ABSTRACT Activation of immune cells is a key process in the initiation and progression of neurodegenerative diseases, particularly multiple sclerosis (MS). Presently, there is no non-invasive imaging method that can specifically detect activated immune cells and neuroinflammation in clinical settings. Recent development of radiotracers for positron emission tomography (PET) have shown great potential for the detection of cells from the adaptive immune system. Specifically, 2'-deoxy-2'-[18F]fluoro-9-β-D- arabinofuranosylguanine ([18F]F-AraG) has been shown to enable the detection of activated primary T-cells in graft-versus-host disease. At the same time, hyperpolarized 13C magnetic resonance spectroscopic imaging (HP 13C MRSI) is emerging as a new metabolic MR method to monitor enzymatic reactions in vivo in real-time. HP [1-13C] pyruvate has proven to be sensitive to highly glycolytic pro-inflammatory cells from the innate immune system (i.e. Macrophages) in animal models of peripheral inflammation, MS and traumatic brain injury. Importantly, both [18F]F-AraG and HP [1-13C] pyruvate have shown great promise in first-in-human studies of cancer. In this project, we propose to investigate the potential of HP [1-13C] pyruvate and [18F]F-AraG PET imaging to non-invasively assess cerebral lesion stage and to monitor response to immunomodulatory therapies in a novel murine model for MS. To do so, HP 13C MRSI and PET imaging sessions will be performed at key time points during disease induction and progression. Next, HP [1-13C] pyruvate and [18F]F-AraG will be used to evaluate treatment response from two clinically relevant and commonly prescribed drugs for MS, Dimethyl-fumarate and Fingolimod. PET and MRI findings will be confirmed using ex vivo correlates of tracer biodistribution and immuno-histopathological markers for inflammation and lesion characterization. Because HP [1-13C] pyruvate and [18F]F-AraG PET are readily available for clinical translation, drugs and the imaging findings, outcomes from this project will identify clinically relevant biomarkers that could provide diagnostic, prognostic and therapeutic information to better achieve precision medicine for patients with MS. Upon clinical translation, such methods could help refine therapeutic regimens and lead to better clinical outcomes and patient quality of life.

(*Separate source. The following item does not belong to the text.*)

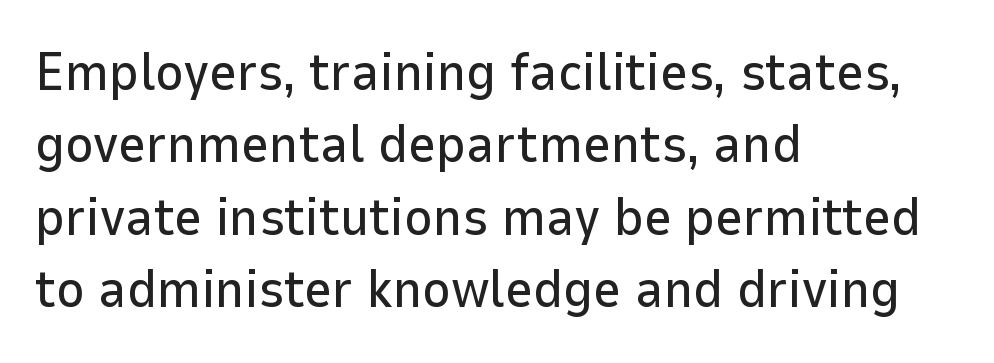
The image shows 54 px sans-serif type, upright; set left-aligned, normal line spacing (1.34x), normal letter spacing, not underlined; low stroke contrast and a medium x-height.
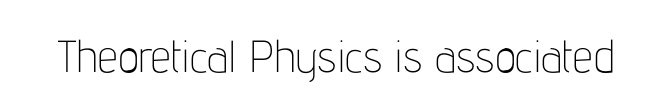
{"serif": "no", "italic": "no", "bold": "no", "weight": "thin", "width": "condensed", "stroke_contrast": "low", "x_height": "medium", "monospaced": "no", "underline": "no", "letter_spacing": "normal", "letter_spacing_em": 0.0, "glyph_px": 45}

抽象的 免疫细胞的激活是神经退行性疾病发生和进展的关键过程, 特别是多发性硬化症(MS),目前还没有专门的非侵入性成像方法。 在临床环境中检测激活的免疫细胞和神经炎症。 正电子发射断层扫描(PET)放射性示踪剂的最新发展显示出巨大的潜力 检测来自适应性免疫系统的细胞,特别是 2'-deoxy-2'-[18F]氟-9-β-D-。 阿拉伯呋喃糖鸟嘌呤 ([18F]F-AraG) 已被证明能够检测活化的原代 T 细胞 同时,超极化13C磁共振波谱成像(HP)。 13C MRSI)是一种新兴的代谢 MR 方法,用于实时监测 HP 体内的酶反应。 [1-13C] 丙酮酸已被证明对来自先天免疫的高度糖酵解促炎细胞敏感 外周炎症、多发性硬化症和创伤性脑损伤动物模型中的系统(即巨噬细胞)。 重要的是,[18F]F-AraG 和 HP [1-13C] 丙酮酸在首次人体研究中显示出巨大的前景 癌症。 在这个项目中,我们建议研究 HP [1-13C] 丙酮酸和 [18F]F-AraG PET 成像的潜力 非侵入性评估脑病变阶段并监测对新型免疫调节疗法的反应 MS 小鼠模型。 为此,将在疾病诱发期间的关键时间点进行 HP 13C MRSI 和 PET 成像检查 接下来,HP [1-13C]丙酮酸和[18F]F-AraG 将用于评估治疗反应。 富马酸二甲酯和芬戈莫德是治疗多发性硬化症的两种临床相关常用药物。 研究结果将通过示踪剂生物分布和免疫组织病理学标记的离体相关性得到证实 用于炎症和病变特征。 由于 HP [1-13C] 丙酮酸和 [18F]F-AraG PET 很容易用于临床转化、药物和 该项目的成像结果和结果将确定临床相关的生物标志物,这些生物标志物可以提供 诊断、预后和治疗信息,以更好地为多发性硬化症患者实现精准医疗。 经过临床转化后,这些方法可以帮助完善治疗方案并带来更好的临床效果。 结果和患者的生活质量。